Section: Overall Objectives
Introduction
Knowledge discovery in databases –hereafter KDD– consists in processing a large volume of data in order to extract knowledge units that are significant and reusable. Assimilating knowledge units to gold nuggets, and databases to lands or rivers to be explored, the KDD process can be likened to the process of searching for gold. This explains the name of the research team: the “orpailleur” denotes in French a person who is searching for gold in rivers or mountains. Moreover, the KDD process is iterative, interactive, and generally controlled by an expert of the data domain, called the analyst . The analyst selects and interprets a subset of the extracted units for obtaining knowledge units having a certain plausibility. As a person searching for gold and having a certain knowledge of the task and of the location, the analyst may use its own knowledge but also knowledge on the domain of data for improving the KDD process.

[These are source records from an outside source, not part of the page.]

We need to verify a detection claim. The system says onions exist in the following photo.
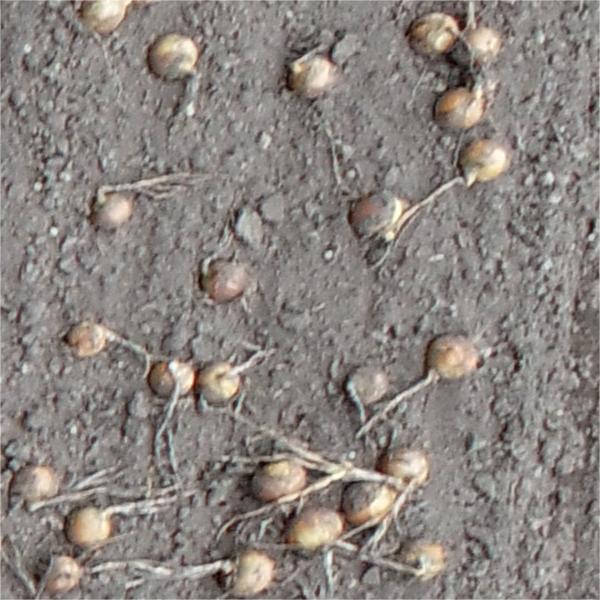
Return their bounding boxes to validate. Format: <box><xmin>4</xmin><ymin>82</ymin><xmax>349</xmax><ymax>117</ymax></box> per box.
<box><xmin>427</xmin><ymin>334</ymin><xmax>479</xmax><ymax>380</ymax></box>
<box><xmin>67</xmin><ymin>507</ymin><xmax>113</xmax><ymax>545</ymax></box>
<box><xmin>224</xmin><ymin>549</ymin><xmax>274</xmax><ymax>594</ymax></box>
<box><xmin>407</xmin><ymin>540</ymin><xmax>444</xmax><ymax>581</ymax></box>
<box><xmin>200</xmin><ymin>361</ymin><xmax>238</xmax><ymax>402</ymax></box>
<box><xmin>255</xmin><ymin>457</ymin><xmax>302</xmax><ymax>500</ymax></box>
<box><xmin>12</xmin><ymin>463</ymin><xmax>56</xmax><ymax>505</ymax></box>
<box><xmin>147</xmin><ymin>32</ymin><xmax>195</xmax><ymax>78</ymax></box>
<box><xmin>289</xmin><ymin>505</ymin><xmax>341</xmax><ymax>550</ymax></box>
<box><xmin>461</xmin><ymin>25</ymin><xmax>501</xmax><ymax>64</ymax></box>
<box><xmin>408</xmin><ymin>11</ymin><xmax>456</xmax><ymax>54</ymax></box>
<box><xmin>76</xmin><ymin>0</ymin><xmax>124</xmax><ymax>33</ymax></box>
<box><xmin>343</xmin><ymin>479</ymin><xmax>397</xmax><ymax>527</ymax></box>
<box><xmin>434</xmin><ymin>86</ymin><xmax>480</xmax><ymax>129</ymax></box>
<box><xmin>382</xmin><ymin>449</ymin><xmax>428</xmax><ymax>485</ymax></box>
<box><xmin>149</xmin><ymin>360</ymin><xmax>195</xmax><ymax>396</ymax></box>
<box><xmin>66</xmin><ymin>319</ymin><xmax>102</xmax><ymax>356</ymax></box>
<box><xmin>459</xmin><ymin>139</ymin><xmax>508</xmax><ymax>181</ymax></box>
<box><xmin>201</xmin><ymin>258</ymin><xmax>248</xmax><ymax>302</ymax></box>
<box><xmin>351</xmin><ymin>192</ymin><xmax>401</xmax><ymax>235</ymax></box>
<box><xmin>41</xmin><ymin>554</ymin><xmax>81</xmax><ymax>593</ymax></box>
<box><xmin>95</xmin><ymin>190</ymin><xmax>133</xmax><ymax>228</ymax></box>
<box><xmin>346</xmin><ymin>366</ymin><xmax>391</xmax><ymax>404</ymax></box>
<box><xmin>290</xmin><ymin>53</ymin><xmax>337</xmax><ymax>98</ymax></box>

A way for the KDD process to take advantage of domain knowledge is to be in connection with an ontology relative to the domain of data, for making a step towards the notion of knowledge discovery guided by domain knowledge or KDDK. In the KDDK process, knowledge units that are extracted have still a life after the interpretation step: they must be represented in an adequate knowledge representation formalism for being integrated within an ontology and reused for problem-solving needs. In this way, the results of the knowledge discovery process may be reused for extending and updating existing ontologies. The KDDK process shows that knowledge representation and knowledge discovery are two complementary tasks: no effective knowledge discovery without domain knowledge!